Dataset records:
--- START ---

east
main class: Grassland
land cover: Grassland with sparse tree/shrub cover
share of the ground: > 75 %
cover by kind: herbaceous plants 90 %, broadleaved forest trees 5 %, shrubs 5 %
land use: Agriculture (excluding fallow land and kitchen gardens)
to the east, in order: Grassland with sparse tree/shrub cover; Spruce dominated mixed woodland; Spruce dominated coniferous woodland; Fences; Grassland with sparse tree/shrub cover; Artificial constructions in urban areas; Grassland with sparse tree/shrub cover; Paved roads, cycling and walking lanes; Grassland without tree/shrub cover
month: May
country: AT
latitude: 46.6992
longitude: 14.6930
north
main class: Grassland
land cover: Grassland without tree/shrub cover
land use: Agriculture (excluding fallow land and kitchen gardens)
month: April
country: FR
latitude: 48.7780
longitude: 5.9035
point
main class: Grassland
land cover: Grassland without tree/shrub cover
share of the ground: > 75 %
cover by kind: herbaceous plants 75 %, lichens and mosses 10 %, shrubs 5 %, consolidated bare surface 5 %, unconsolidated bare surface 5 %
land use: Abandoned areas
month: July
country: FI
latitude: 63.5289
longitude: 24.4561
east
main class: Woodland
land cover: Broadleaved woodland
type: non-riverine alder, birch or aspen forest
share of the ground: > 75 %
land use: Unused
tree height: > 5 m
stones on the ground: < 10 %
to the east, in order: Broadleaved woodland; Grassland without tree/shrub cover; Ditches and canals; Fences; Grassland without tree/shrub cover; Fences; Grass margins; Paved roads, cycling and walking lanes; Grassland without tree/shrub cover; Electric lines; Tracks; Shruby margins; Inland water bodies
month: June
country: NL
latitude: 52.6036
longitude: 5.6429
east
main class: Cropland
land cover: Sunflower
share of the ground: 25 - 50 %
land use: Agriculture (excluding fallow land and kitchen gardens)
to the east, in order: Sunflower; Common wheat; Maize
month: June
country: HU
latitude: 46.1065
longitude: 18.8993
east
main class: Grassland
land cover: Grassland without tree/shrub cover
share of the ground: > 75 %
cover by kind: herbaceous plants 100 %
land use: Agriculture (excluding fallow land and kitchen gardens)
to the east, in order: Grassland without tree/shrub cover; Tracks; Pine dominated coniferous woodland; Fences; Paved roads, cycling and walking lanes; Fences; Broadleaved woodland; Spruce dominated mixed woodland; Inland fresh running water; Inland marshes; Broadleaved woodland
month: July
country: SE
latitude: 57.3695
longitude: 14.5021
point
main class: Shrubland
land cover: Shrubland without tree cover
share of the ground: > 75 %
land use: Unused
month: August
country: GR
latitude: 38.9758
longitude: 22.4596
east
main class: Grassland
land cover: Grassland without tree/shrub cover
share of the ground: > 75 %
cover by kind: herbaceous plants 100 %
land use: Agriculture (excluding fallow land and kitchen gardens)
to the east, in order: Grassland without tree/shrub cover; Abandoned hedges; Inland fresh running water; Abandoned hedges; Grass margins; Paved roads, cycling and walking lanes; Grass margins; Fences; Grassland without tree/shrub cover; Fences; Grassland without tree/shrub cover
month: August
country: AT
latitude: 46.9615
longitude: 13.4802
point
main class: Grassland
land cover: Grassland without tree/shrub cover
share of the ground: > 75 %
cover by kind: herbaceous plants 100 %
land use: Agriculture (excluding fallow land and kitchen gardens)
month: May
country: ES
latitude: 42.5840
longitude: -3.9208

--- END ---

A single number is expected: the count of lines in the entries that carry the string "longitude".

| Reply |
9